Anak berkebutuhan khusus termasuk didalamnya anak penyandang disabilitas adalah anak yang mengalami keterbatasan/keluarbiasaan baik fisik, mental intelektual, sosial dan emosional ini memerlukan pelayanan khusus dari orang tua, keluarga, masyarakat, dan pemerintah, agar anak-anak tersebut mendapat kesempatan berkembang sesuai dengan fisik, mental dan potensinya.
Jumlah anak berkebutuhan khusus di Indonesia dari tahun ke tahun cenderung menunjukkan peningkatan, namun data yang ada belum terdeteksi secara akurat. Hasil survei yang dilakukan Pusat Data dan Informasi Departemen Sosial Tahun 2007, populasi penyandang cacat sekitar 3,11% dari total penduduk Indonesia.
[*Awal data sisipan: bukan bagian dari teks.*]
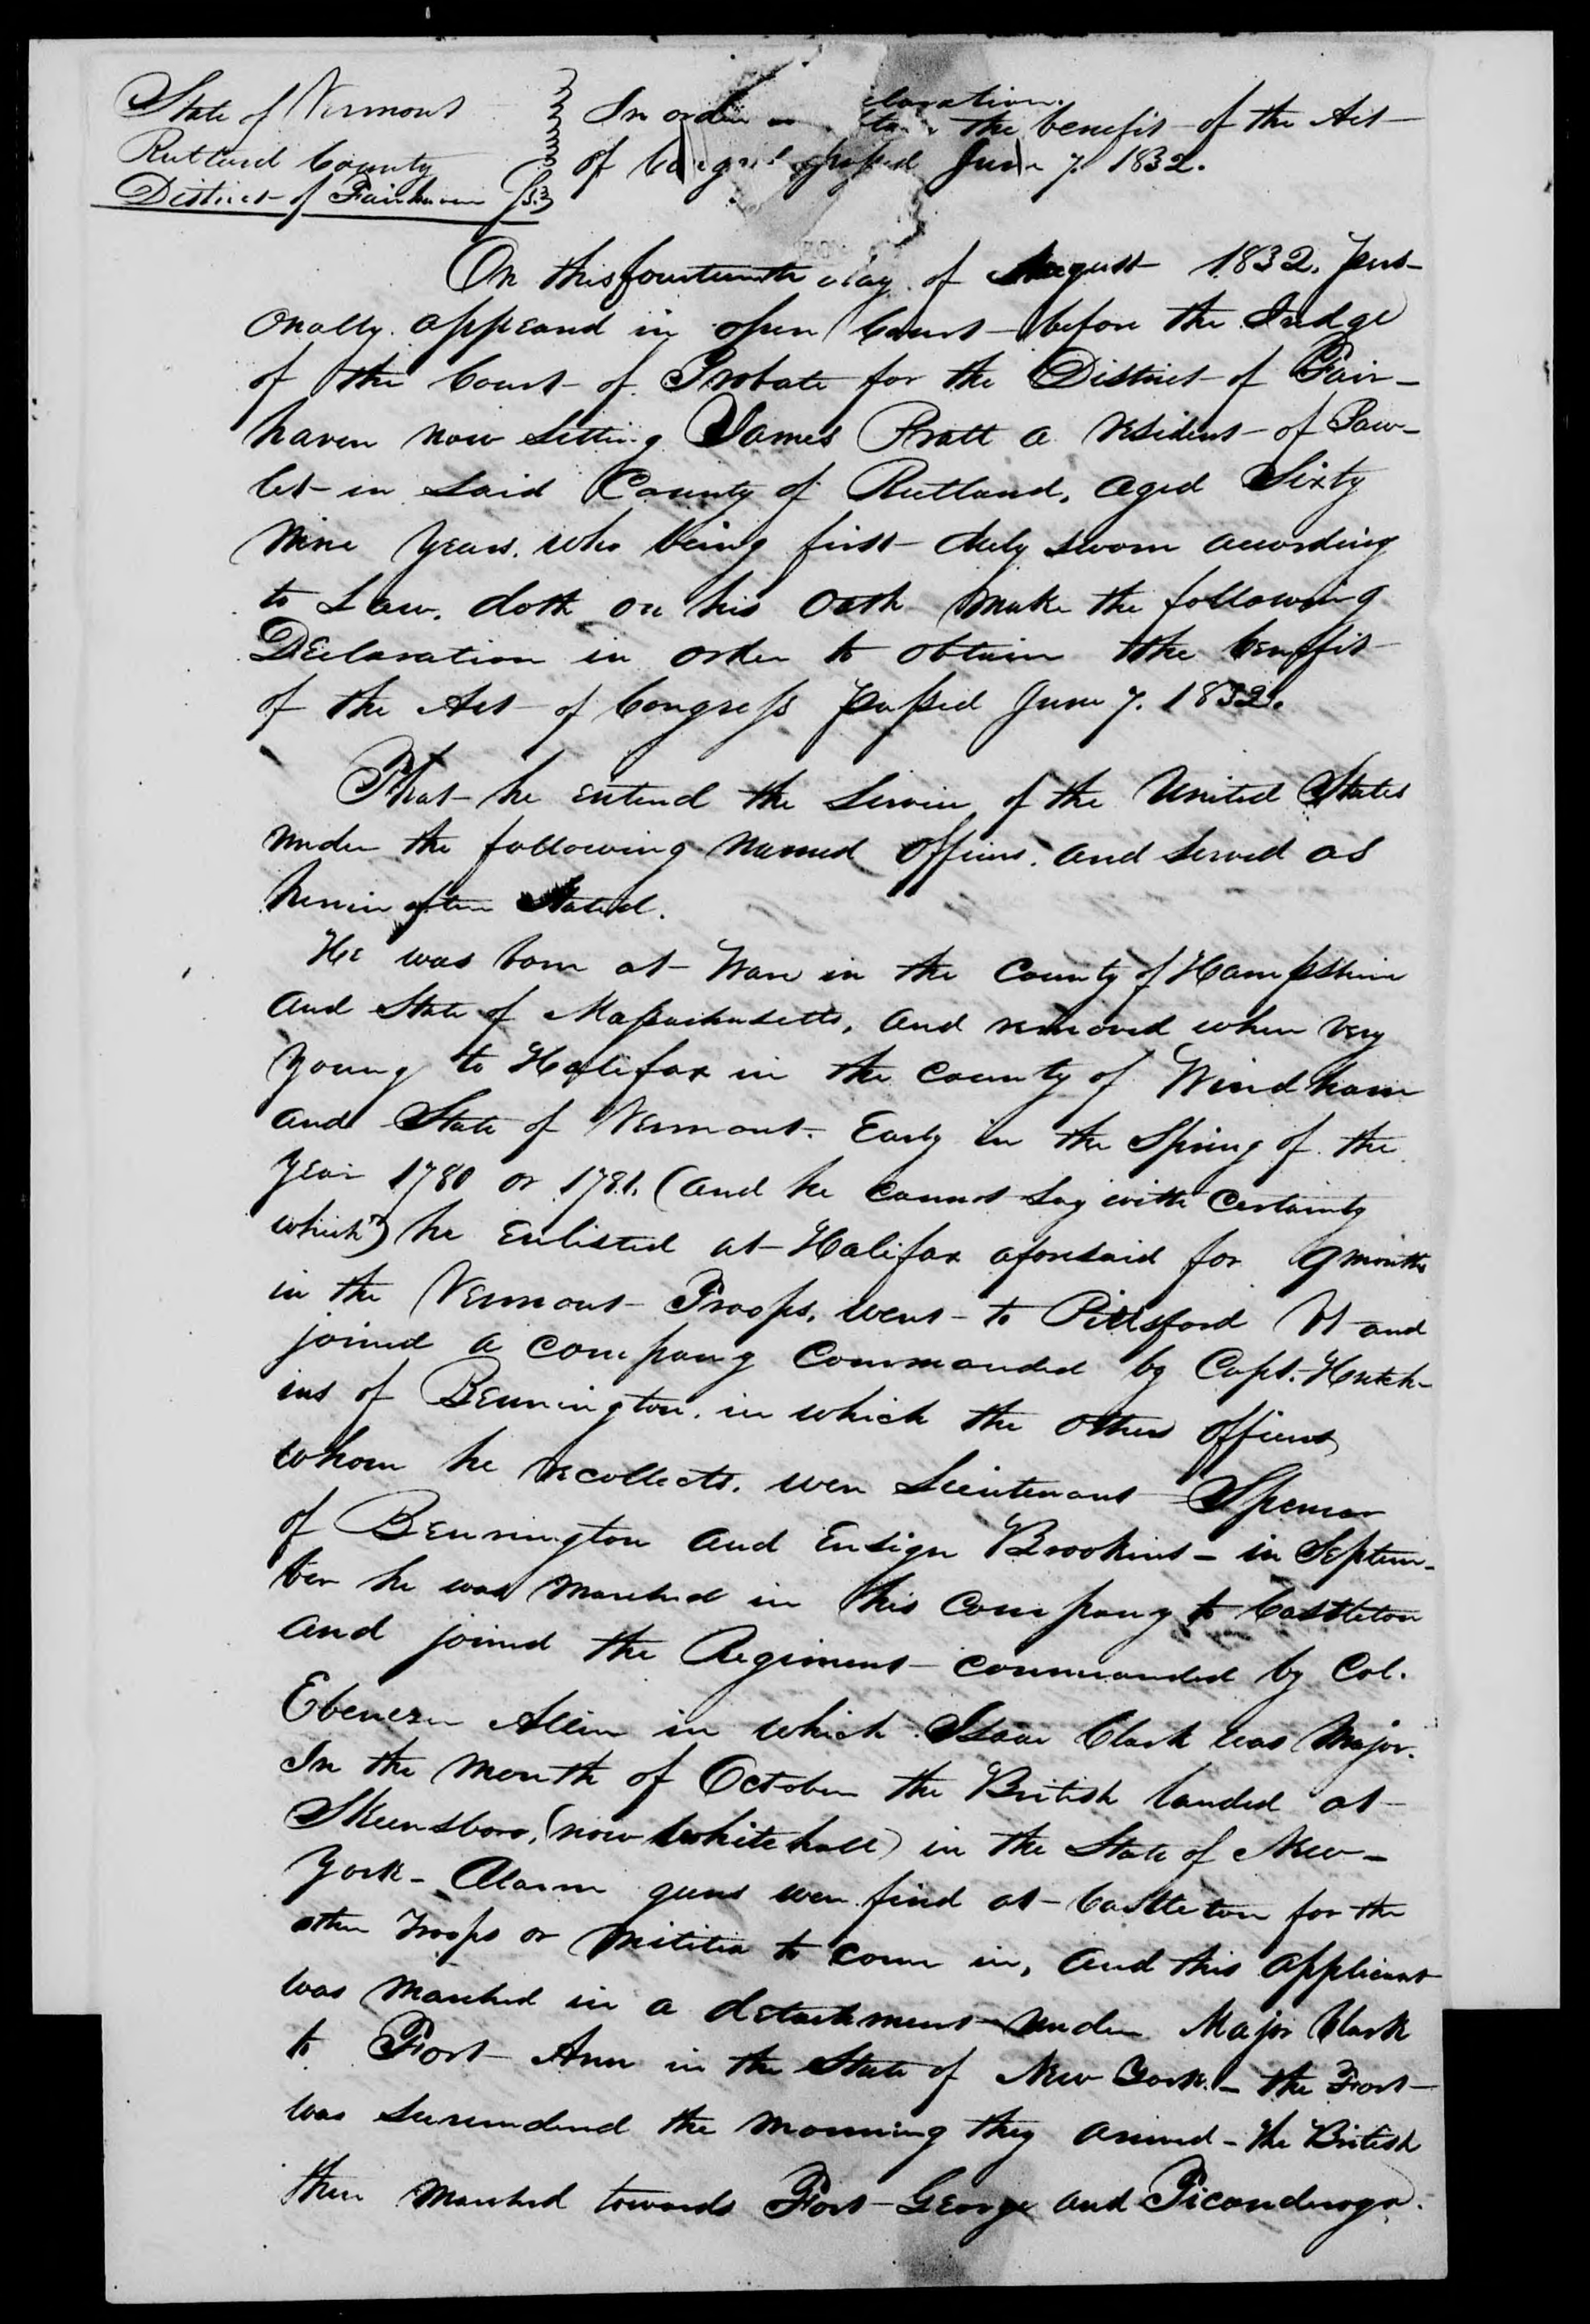State of Vermont
Rutland County
District of Fairhaven

In order to obtain the benefit
of the Act of Congress passed June 7, 1832. 

On this fourteenth day of August 1832 personally
 appeared in open Court before the Judge
of the Court of Probate for the District of Fairhaven
 now sitting James Pratt a resident of Pawlet in said
County of Rutland, aged Sixty nine years who being
first duly sworn according to Law doth on his oath make the following
Declaration in order to obtain the benefit
of the Act of Congress passed June 7, 1832. 
That he entered the service of the United States
under the following named officers, and served as
herein stated.
He was born at Ware in the County of Hampshire
and State of Massachusetts, and removed when very
Young to Halifax in the County of Windham
and State of Vermont. Early in the Spring of the
year 1780 or 1781, (and he cannot say with certainty
which) he enlisted at Halifax aforesaid for 9 months
in the Vermont Troops, went to Pittsford, Vt. and
joined a company commanded by Capt. Hutchins
 of Bennington, in which the other officers
whom he recollects were Lieutenant Spencer
Bennington and Ensign Brookins - In September
 he was marched in this company to Castleton  
 and joined the Regiment commanded by Col
Ebenezer Allen in which Isaac Clark was Major.
In the month of October the British landed at
Skeensboro, (now Whitehall) in the State of New York
Alarm Guns were fired at Castleton for the
other troops or militia to come in, and this applicant
was marched in a detachment under Major Clark
To Fort Ann in the State of New York - The Fort
was surrendered the morning they arrived. - The British
then marched towards Fort George and Ticonderoga.

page: 4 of 29
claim: survivor's
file: S. 14,222, for James Pratt, Vermont

Anak berkebutuhan khusus memerlukan penanganan khusus. Karena penanganan anak berkebutuhan khusus tidak hanya kondisi fisik/kesehatan dan psikologis saja, tetapi diperlukan pula pemahaman tentang potensi mereka agar dapat dikembangkan seoptimal mungkin. Hal tersebut meliputi pemilihan bentuk pendidikannya, hak hidup bermasyarakat, dan penanganan dalam kehidupan sehari-hari, sehingga dapat menjadi warga negara yang mampu hidup mandiri, bertanggung jawab serta berpartisipasi dalam pembangunan.
Penanganan anak berkebutuhan khusus perlu dilakukan sejak dini, bahkan sejak masih berada di dalam kandungan. Selain meliputi pemenuhan hak sipil dan kebebasan, hak lingkungan keluarga dan pengasuhan alternatif, hak pendidikan, hak kesehatan dan kesejahteraan dasar, anak berkebutuhan khusus juga harus mendapatkan hak perlindungan khusus meliputi kesehatan, terapi dan rehabilitasi, pendidikan dan pelatihan, perlindungan hukum, serta pengembangan keterampilan hidup (life skill) untuk hidup mandiri.